Note: I had written this proof before the other answers were posted. I was about to discard it because the idea is actually the same as mixedmath's answer, but his answer has a small issue because it only proves the theorem for $k=n$, which can only prove that a subsequence of $b_n$ converges, not the whole sequence. So here is a hopefully correct proof.


First we prove the following theorem:

Theorem: For any finite sequence $a$ bounded by $M$, we can find signs $s$ so that $\left|\sum_{i=1}^k s_i a_i\right| \le 2M$ for all $k\le n$.

We say that $a$ and $b$ on the unit disk are compatible when either $a+b$ or $a-b$ lies on the unit disk.

Lemma: If $a,b,c$ lie on the unit disk, at least one of $(a,b)$, $(b,c)$ or $(a,c)$ is a compatible pair.

Proof. When $|a+b|>1$ with $a$ and $b$ in the unit disk, we also have $\left|\frac{a}{|a|}+\frac{b}{|b|}\right|>1$ and therefore the arguments of $a$ and $b$ differ by less than $2\pi/3$ (mod $2\pi$). Thus $a$ and $b$ are incompatible iff $\arg a - \arg b\in (-2\pi/3,-\pi/3)\cup(\pi/3,2\pi/3)$ (mod $2\pi$), which shows that $a,b,c$ cannot all be pairwise incompatible.

Lemma: For any finite sequence $a_1,\dots a_n$ with $a_i$ in the unit disk, we can find signs $s_1,\dots s_n$ and $t_1,\dots t_n$ so that for all $k\le n$, $\left|\sum_{i=1}^k s_i a_i\right|\le 2$, $\left|\sum_{i=1}^k s_i t_i a_i\right|\le 2$ and for each $\epsilon\in\{-1,1\}$, $u_\epsilon = \sum\limits_{\substack{i\le n\\t_i=\epsilon}} s_i a_i$ lies on the unit disk.

Proof.

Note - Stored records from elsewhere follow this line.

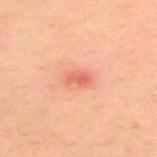  lighting: cross-polarized
  patient:
    sex: male
    age_approx: 40
  site: upper back
  automated_metrics:
    area_mm2_approx: 3.5
    eccentricity: 0.85
    cielab_L: 51
    cielab_a: 28
    cielab_b: 28
    vs_skin_darker_L: 8.0
    vs_skin_contrast_norm: 6.0
    border_irregularity_0_10: 2.0
    color_variation_0_10: 3.5
    nevus_likeness_0_100: 0
    lesion_detection_confidence_0_100: 100
  image:
    source: total-body photography crop
    field_of_view_mm: 15
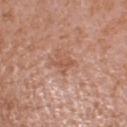The subject is a female approximately 35 years of age. A 15 mm close-up tile from a total-body photography series done for melanoma screening. Automated image analysis of the tile measured a footprint of about 2 mm², an outline eccentricity of about 0.95 (0 = round, 1 = elongated), and a shape-asymmetry score of about 0.45 (0 = symmetric). The software also gave a lesion–skin lightness drop of about 8. And it measured a border-irregularity index near 5/10 and a peripheral color-asymmetry measure near 0. The software also gave a nevus-likeness score of about 0/100 and a lesion-detection confidence of about 100/100. Located on the head or neck.
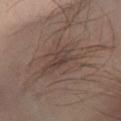Captured during whole-body skin photography for melanoma surveillance; the lesion was not biopsied.
This image is a 15 mm lesion crop taken from a total-body photograph.
Measured at roughly 11.5 mm in maximum diameter.
Automated tile analysis of the lesion measured an area of roughly 25 mm², a shape eccentricity near 0.9, and a symmetry-axis asymmetry near 0.45. It also reported a border-irregularity index near 8.5/10, a color-variation rating of about 4.5/10, and radial color variation of about 1.5. And it measured an automated nevus-likeness rating near 0 out of 100 and lesion-presence confidence of about 85/100.
This is a cross-polarized tile.
The subject is a male approximately 40 years of age.
The lesion is located on the right lower leg.
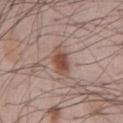Clinical impression:
This lesion was catalogued during total-body skin photography and was not selected for biopsy.
Image and clinical context:
A 15 mm close-up tile from a total-body photography series done for melanoma screening. A male subject, aged 63–67. Measured at roughly 3.5 mm in maximum diameter. Located on the chest. An algorithmic analysis of the crop reported a lesion area of about 6 mm², an outline eccentricity of about 0.75 (0 = round, 1 = elongated), and a symmetry-axis asymmetry near 0.15. The analysis additionally found roughly 11 lightness units darker than nearby skin and a normalized border contrast of about 9. It also reported a border-irregularity rating of about 1.5/10, a within-lesion color-variation index near 4.5/10, and peripheral color asymmetry of about 1.5. The analysis additionally found a classifier nevus-likeness of about 90/100 and a lesion-detection confidence of about 100/100. This is a white-light tile.
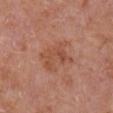Q: Was this lesion biopsied?
A: catalogued during a skin exam; not biopsied
Q: Lesion size?
A: about 4.5 mm
Q: What kind of image is this?
A: ~15 mm crop, total-body skin-cancer survey
Q: Patient demographics?
A: male, in their mid- to late 60s
Q: Lesion location?
A: the right upper arm
Q: Illumination type?
A: white-light
Q: What did automated image analysis measure?
A: an area of roughly 11 mm², an outline eccentricity of about 0.65 (0 = round, 1 = elongated), and a shape-asymmetry score of about 0.25 (0 = symmetric); a mean CIELAB color near L≈51 a*≈25 b*≈31, roughly 7 lightness units darker than nearby skin, and a lesion-to-skin contrast of about 5.5 (normalized; higher = more distinct); a border-irregularity rating of about 4/10 and a peripheral color-asymmetry measure near 1.5

This is of course true for $n\le 2$. We continue by induction: assume we have built $s_1,\dots s_n$ so that the lemma applies. Then if $u_1$ and $u_{-1}$ are incompatible, $a_{n+1}$ is compatible with some $u_\epsilon$ so that we can find $s_{n+1}$ such that $u_\epsilon+s_{n+1}a_{n+1}$ lies on the unit disk, and letting $t_{n+1}=\epsilon$ finishes the proof. If $u_1$ and $u_{-1}$ are compatible so that $u_1+\epsilon~u_{-1}$ lies on the unit disk, we can pick any $s'_{n+1}$ and $t'_{n+1}$, and for $i\le n$ define $t'_i=-t'_{n+1}$ and $s'_i=s_i$ if $\epsilon=1$ and $s'_i=s_i t_i$ if $\epsilon=-1$.

We obtain the theorem as a corollary.


Now take an infinite sequence $a_n$ converging to 0. Let $n_i$ be an increasing sequence of integers such that $|a_n|<2^{-i}$ when $n\ge n_i$. We simply apply the theorem to each subpart $a_{n_i+1},\dots,a_{n_i}$ to define the sequence $s$. We can let $s_n=1$ for $n<n_1$.

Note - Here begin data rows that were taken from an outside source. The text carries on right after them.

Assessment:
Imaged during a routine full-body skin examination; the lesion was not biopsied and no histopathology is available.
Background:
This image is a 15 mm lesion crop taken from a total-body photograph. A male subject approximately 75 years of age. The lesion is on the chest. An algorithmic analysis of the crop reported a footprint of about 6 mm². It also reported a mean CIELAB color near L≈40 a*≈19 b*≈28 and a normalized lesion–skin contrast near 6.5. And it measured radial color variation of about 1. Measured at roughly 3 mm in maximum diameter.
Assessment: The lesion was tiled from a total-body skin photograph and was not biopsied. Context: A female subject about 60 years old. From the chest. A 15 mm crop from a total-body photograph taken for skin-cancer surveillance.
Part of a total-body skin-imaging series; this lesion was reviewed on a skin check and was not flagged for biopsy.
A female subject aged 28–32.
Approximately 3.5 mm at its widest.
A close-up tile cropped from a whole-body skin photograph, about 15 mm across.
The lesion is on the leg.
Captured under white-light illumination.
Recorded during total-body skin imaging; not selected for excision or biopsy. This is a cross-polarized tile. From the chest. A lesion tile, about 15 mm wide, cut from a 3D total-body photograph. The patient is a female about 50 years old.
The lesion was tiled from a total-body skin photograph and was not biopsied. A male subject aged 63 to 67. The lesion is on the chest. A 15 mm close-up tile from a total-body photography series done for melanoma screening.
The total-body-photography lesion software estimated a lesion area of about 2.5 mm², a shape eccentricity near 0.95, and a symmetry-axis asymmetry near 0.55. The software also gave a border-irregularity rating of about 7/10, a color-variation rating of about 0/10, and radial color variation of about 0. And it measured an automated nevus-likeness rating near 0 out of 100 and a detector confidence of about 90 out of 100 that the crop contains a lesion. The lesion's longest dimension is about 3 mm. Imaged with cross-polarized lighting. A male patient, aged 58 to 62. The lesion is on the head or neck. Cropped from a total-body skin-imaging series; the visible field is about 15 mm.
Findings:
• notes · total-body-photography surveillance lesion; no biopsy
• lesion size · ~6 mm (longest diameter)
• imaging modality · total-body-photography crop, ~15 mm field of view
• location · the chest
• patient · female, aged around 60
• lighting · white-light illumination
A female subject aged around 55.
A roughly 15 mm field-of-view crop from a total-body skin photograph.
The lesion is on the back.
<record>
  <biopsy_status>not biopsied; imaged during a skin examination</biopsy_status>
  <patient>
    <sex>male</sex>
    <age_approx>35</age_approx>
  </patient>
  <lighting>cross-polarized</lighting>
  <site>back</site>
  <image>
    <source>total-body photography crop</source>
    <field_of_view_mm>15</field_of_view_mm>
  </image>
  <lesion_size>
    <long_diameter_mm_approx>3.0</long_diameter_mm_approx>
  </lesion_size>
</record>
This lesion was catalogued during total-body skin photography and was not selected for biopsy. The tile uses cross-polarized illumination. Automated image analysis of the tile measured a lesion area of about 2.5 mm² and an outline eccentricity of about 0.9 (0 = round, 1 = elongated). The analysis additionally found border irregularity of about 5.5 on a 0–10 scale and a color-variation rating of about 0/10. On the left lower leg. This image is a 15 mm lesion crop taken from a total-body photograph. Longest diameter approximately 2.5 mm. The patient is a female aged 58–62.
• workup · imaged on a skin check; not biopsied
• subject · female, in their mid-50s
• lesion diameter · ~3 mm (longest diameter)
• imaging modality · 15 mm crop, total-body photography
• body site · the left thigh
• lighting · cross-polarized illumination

Then we can prove that $b_n=\sum_{k=1}^n s_k a_k$ is a Cauchy sequence: for any $\varepsilon>0$, pick $i_0$ so that $4\cdot 2^{-i_0}\le \varepsilon$. Then for $n\ge N=n_{i_0}$, $|b_n-b_N|=|\sum_{k=N+1}^n s_k a_k|\le \sum_{i\ge i_0} 2\cdot 2^{-i}\le \varepsilon$.

So $b_n$ converges. $\square$


Can we improve the bound in the theorem?

Someone asked what the sharpest bound for the theorem was. If we restrict to the $k=n$ case, this is $\sqrt 2 M$. We have $\min(|a+b|^2,|a-b|^2) = |a|^2+|b|^2-2|a\cdot b|\le 2$ for $a,b$ in the unit disk ($\cdot$ is the scalar product). Since the lemma happens to prove that the sum can be indifferently written as $u_1+u_{-1}$ or $u_1-u_{-1}$ with $u_\epsilon$ in the unit disk, this proves the bound. The bound is sharp for $n\ge 2$: take $(a_1,\dots a_n)=(1,i,0,0,\dots)$.

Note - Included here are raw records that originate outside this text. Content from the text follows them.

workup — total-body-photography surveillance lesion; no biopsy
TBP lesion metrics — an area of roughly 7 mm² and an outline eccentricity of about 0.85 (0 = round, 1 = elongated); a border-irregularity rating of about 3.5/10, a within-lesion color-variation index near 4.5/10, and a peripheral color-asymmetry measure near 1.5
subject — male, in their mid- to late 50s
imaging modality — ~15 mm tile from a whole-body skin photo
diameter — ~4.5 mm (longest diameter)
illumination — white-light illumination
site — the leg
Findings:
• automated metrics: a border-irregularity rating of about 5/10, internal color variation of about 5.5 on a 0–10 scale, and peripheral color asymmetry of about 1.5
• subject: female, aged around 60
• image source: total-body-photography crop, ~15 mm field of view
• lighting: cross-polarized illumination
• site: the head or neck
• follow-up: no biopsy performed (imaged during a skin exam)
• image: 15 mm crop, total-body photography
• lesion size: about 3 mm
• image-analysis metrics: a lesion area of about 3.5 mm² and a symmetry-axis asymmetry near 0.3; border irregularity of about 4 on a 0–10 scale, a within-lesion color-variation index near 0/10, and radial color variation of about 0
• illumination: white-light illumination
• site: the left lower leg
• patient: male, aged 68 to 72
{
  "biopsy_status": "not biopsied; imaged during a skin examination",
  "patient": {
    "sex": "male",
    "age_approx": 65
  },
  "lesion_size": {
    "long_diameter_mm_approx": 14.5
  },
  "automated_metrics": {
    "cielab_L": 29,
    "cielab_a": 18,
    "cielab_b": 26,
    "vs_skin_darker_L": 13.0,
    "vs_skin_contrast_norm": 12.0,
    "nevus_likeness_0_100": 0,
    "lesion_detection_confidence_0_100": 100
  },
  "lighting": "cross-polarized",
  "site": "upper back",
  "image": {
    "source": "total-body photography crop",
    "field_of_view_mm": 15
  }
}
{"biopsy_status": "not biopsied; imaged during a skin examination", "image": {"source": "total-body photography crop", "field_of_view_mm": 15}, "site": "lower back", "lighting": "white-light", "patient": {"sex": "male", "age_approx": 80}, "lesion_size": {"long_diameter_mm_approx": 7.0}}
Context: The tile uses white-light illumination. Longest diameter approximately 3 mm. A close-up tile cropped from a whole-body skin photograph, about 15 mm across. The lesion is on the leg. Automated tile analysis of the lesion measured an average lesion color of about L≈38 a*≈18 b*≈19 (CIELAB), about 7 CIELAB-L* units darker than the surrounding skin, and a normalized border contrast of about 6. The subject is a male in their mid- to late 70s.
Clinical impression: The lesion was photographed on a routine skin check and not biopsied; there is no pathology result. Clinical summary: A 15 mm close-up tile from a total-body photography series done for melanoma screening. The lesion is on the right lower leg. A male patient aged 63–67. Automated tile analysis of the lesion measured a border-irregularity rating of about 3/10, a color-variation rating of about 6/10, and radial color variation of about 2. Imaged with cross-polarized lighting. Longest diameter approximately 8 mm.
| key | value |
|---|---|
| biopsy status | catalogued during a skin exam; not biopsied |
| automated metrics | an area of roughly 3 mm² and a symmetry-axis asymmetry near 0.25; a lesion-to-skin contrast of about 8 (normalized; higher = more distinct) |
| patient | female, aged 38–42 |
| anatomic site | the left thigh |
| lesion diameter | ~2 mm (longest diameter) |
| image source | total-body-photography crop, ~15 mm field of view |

However $\sqrt 2 M$ cannot be used to bound partial sums ($k<n$) when the set of signs is not allowed to vary: indeed for $a=1$, $b=\exp(i\pi/3+\varepsilon)$, $c=-\exp(i\pi/6)$, $|a+b+c|\le \sqrt 2$ is the only set of signs ensuring the bound, but $|a+b|=\sqrt 3-\varepsilon'>\sqrt 2$.

Does the theorem work in higher dimensions?

Yes! Call the dimension $p$. When $a$ and $b$ are incompatible with $a,b$ in the unit $(p-1)$-sphere, the distance between $a$ and $b$ is bounded from below (by 1). This means there is an upper bound $N$ to the size of pairwise incompatible sets on the unit $(p-1)$-sphere, and therefore also on the unit ball because $a\mapsto a/\|a\|$ preserves incompatible pairs (a consequence of the fact that $\|ta-b\|$ is a convex function of $t$ with value at most 1 for $t=0$). Then the proof of the second lemma still holds, using a partition of $1,\dots n$ into $N$ subsets and requiring that for all assignments of a sign to each subset, the sum be bounded by $N$.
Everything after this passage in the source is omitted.